# Audi TTS Triple Resonator Delete



## murraylp2 (Jul 20, 2021)

Hi all 

Currently have a Audi TTS Mk3 (pre GPF), however finding it very quiet. Was wondering if anyone on the forum may have deleted all 3 resonators, or resonators 2 and 3 (in the attached picture), and would be able to provide any insight. Seems common to remove no3, the furthest back, however looking for a greater increase in volume. Just worried with regards to drone, as mine is a manual, and so regularly cruises at 2250-2750rpm.

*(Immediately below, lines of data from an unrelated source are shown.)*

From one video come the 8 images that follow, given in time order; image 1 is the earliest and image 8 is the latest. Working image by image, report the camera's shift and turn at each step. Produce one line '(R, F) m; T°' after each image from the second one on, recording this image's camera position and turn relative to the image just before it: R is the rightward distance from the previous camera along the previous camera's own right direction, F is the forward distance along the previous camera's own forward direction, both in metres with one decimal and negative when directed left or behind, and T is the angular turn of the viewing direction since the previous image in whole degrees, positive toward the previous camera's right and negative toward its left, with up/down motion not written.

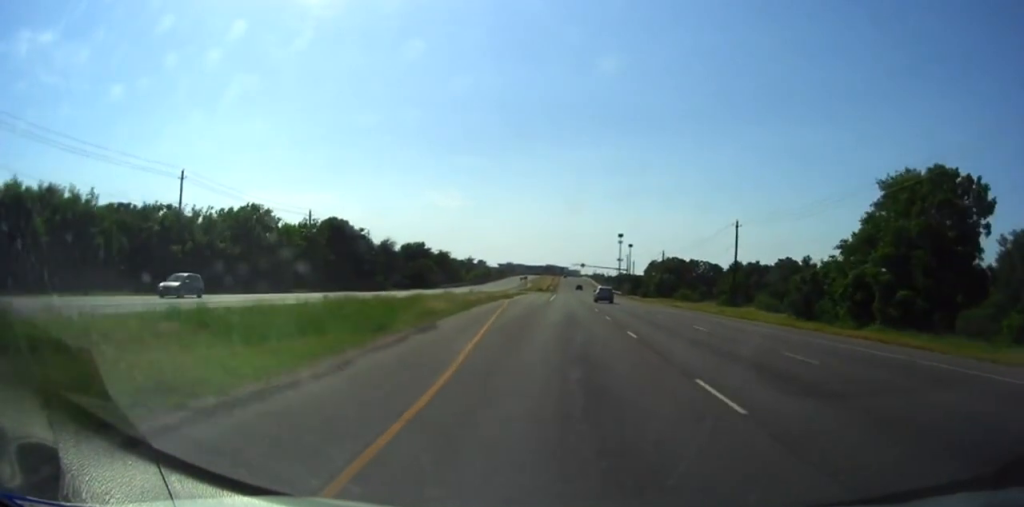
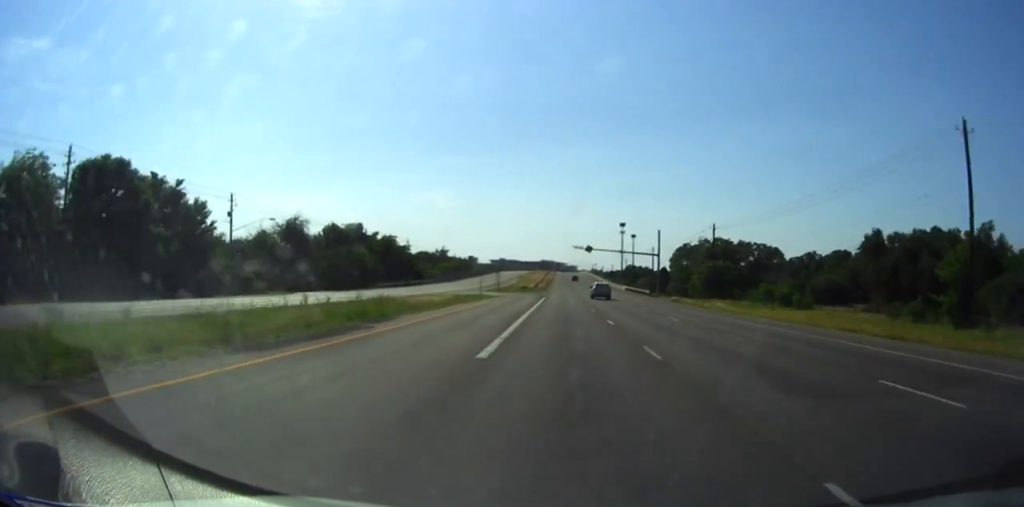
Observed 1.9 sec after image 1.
(+0.2, +55.6) m; 0°
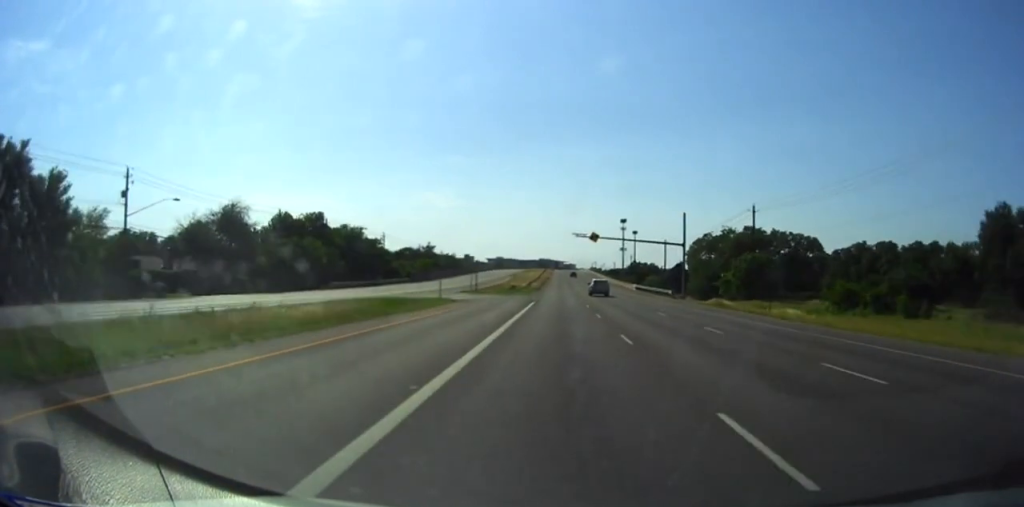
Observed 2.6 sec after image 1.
(0.0, +21.8) m; 0°
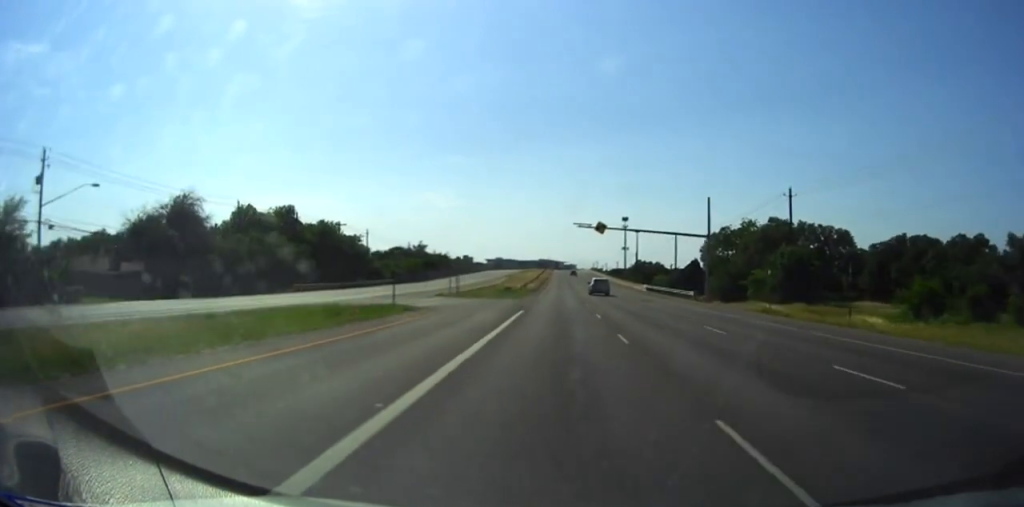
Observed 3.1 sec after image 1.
(0.0, +13.0) m; 0°
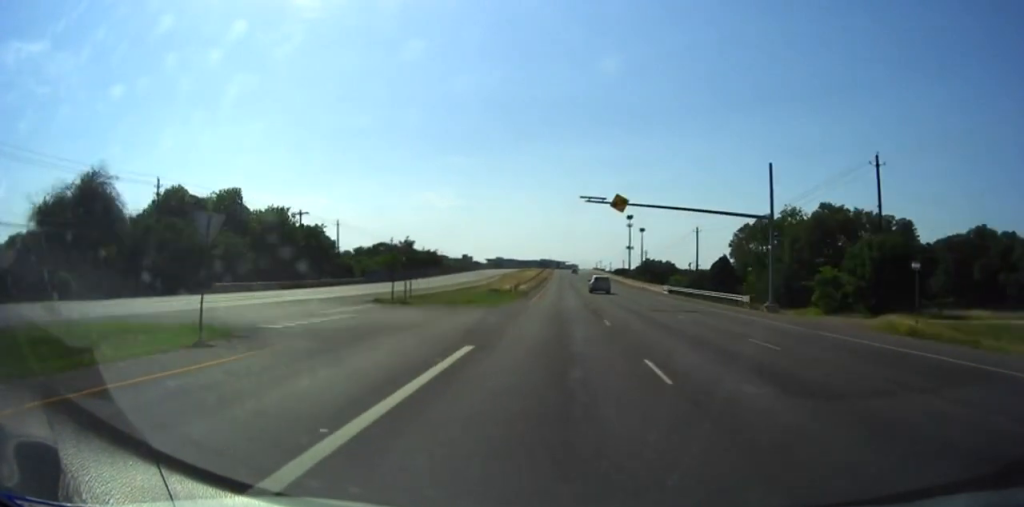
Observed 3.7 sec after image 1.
(0.0, +19.0) m; 0°
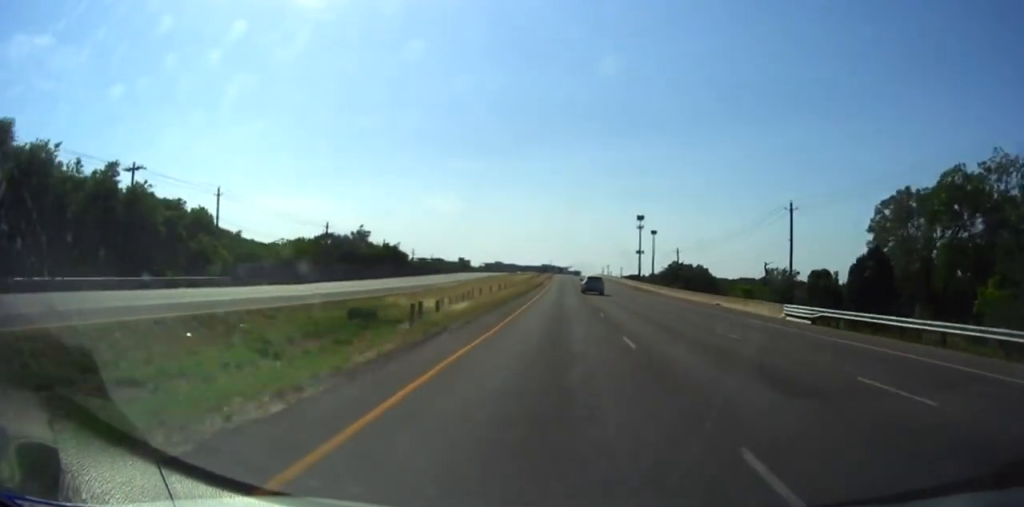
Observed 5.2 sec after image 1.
(0.0, +45.0) m; 0°
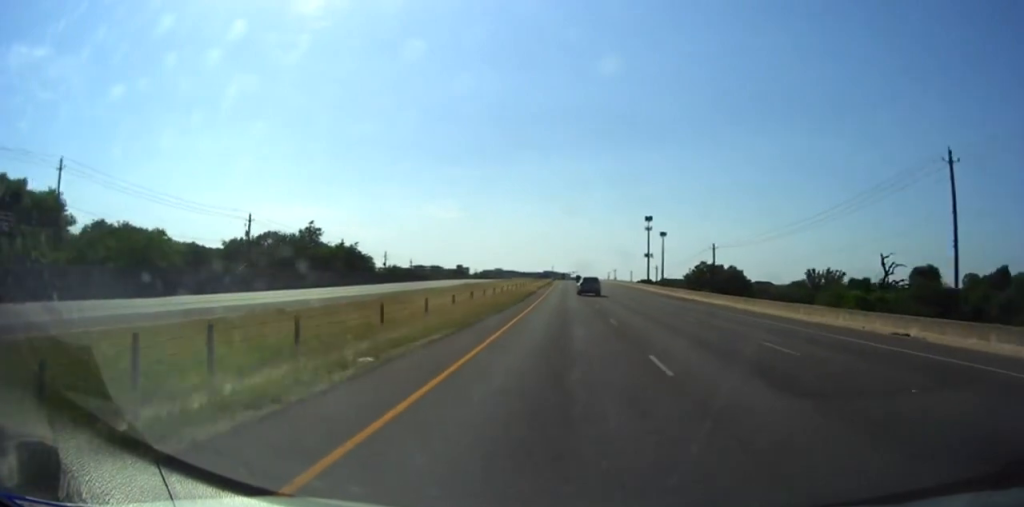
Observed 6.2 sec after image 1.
(-0.3, +29.8) m; -1°
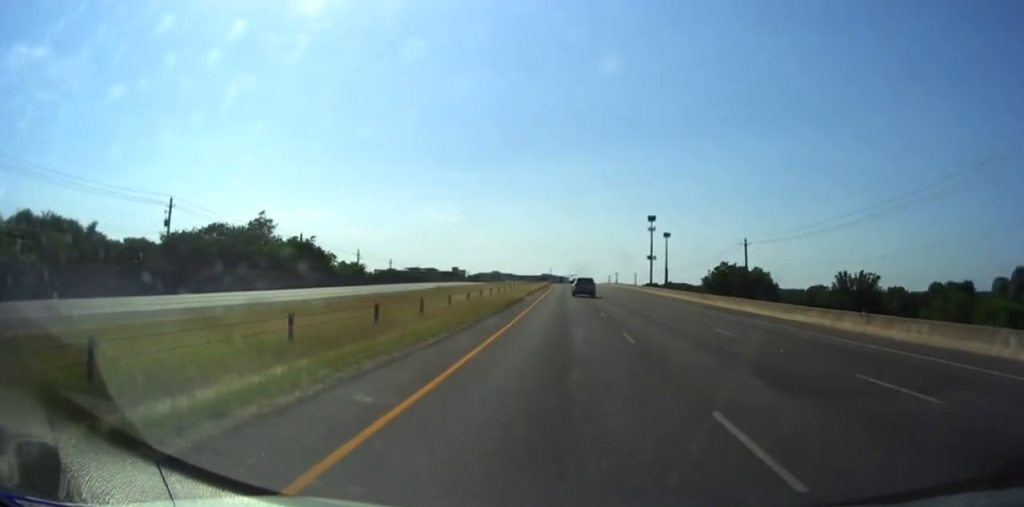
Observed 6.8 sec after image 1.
(-0.1, +18.8) m; 0°

Any adivce is much appreciated! Thanks


----------



## kevin#34 (Jan 8, 2019)

not removed the resonator you are talking about, but can tell you that with a Milltek downpipe with hi-flow kat, valves blocked always open trough VCDS and OEM cat-back, I am already at the limit of (my) noise tolerance level


----------



## danielvolt (Jul 11, 2020)

Number 1 is a secondary cat, 2 and 3 are resonators. I'm on catless DP rn and sometimes its too loud for my liking so image getting the resonators deleted. I guess try it out?


----------



## kevin#34 (Jan 8, 2019)

I think there is no secondary cat, in my opinion 1 and 3 are resonators, 2 is a silencer


----------



## murraylp2 (Jul 20, 2021)

Yea I've seen a fair amount of uncertainty regarding whether there is a secondary cat, and which box on the mid pipe is which. Unfortunately, also not sure.

I was told "The fact that VW have added in an extra two would suggest that there are resonance issues with that bodyshell variant so I'm not sure how much it will drone. If it was a Golf-R then you wouldn't have much of an issue but the TTS shell will most likely have a different resonance frequency so can't really be compared".

Seems like a very fair comment however guess you don't know until you give it a go! Hoping to get it done in the next few days, if so, I will update the post so anyone in the future considering it has a better idea!


----------



## murraylp2 (Jul 20, 2021)

Have now had the 2nd and 3rd resonator / box in the midpipe removed. Am pleasantly surprised to report there is no drone. The increase in exhaust volume is definitely noticeable but nothing too drastic. Quieter than a muffler delete or non-resonated cat-back on my previous cars, but enough to have a far more pronounced sound above 4k rpm in 1st-3rd gear (beyond that wind/road noise takes over)


----------



## 6andy69 (Jun 7, 2010)

Did you go for the 034 motorsport part to delete the resonator?


----------